So i wanted to revise my R knowledge with what I had seen in class last year, but I came across a problem. I wanted to generate a plot for a file about flowers, with colors in the plot specific for each flower (setosa, versicolor, virginica). This worked last year, but the exact same code now gives me an error:
> irisData <- read.table("irisData2.txt", header=TRUE)
> plot(x=irisData$Sepal.Length, y=irisData$Petal.Length, col=irisData$Species)

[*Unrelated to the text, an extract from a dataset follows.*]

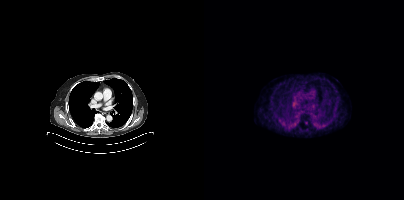
Two-panel axial: CT | PSMA PET, 68Ga tracer. PET panel 200×200 px (4.1 mm/px). Coordinates are on the 200×200 PET (right) panel. Small PSMA-avid focus (2 to 4 px across) near (center x, center y): (102, 122).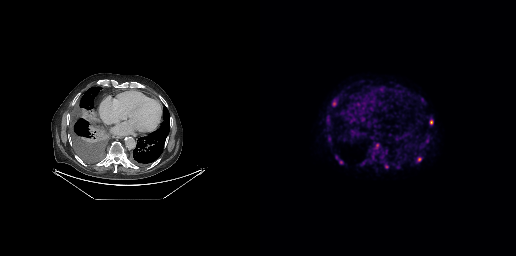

> Error in plot.xy(xy, type, ...) : invalid color name 'setosa'
This gave me a scatterplots with three colors, each for one species, but now it just doesn't work. How can I solve this? Note: I use a new laptop now, and I updated R to the latest version (1.4.1106). Thank you in advance.
You probably used to run this code on an R version <4.0 and now you’re running it on R 4.0.
R 4.0 changed the default handling of string columns in read.table
(and other functions). As a consequence, the Species
column of your data.frame is now of type character
, where it used to be of type factor
.
To make your code work again, change the column type:
irisData$Species = as.factor(irisData$Species)
To offer a more detailed explanation of the error message, plot
’s col
argument accepts either a vector of colours, or a vector of numbers (or factors, which are internally integers). If the argument is a vector of numbers, then these numbers are used to index into the currently set palette()
. However, if the argument is a character string vector (as it is in your code when running on R 4.0), then these are interpreted as colour names/values instead of indices in the current palette. This fails, since the “iris” species aren’t valid colour names.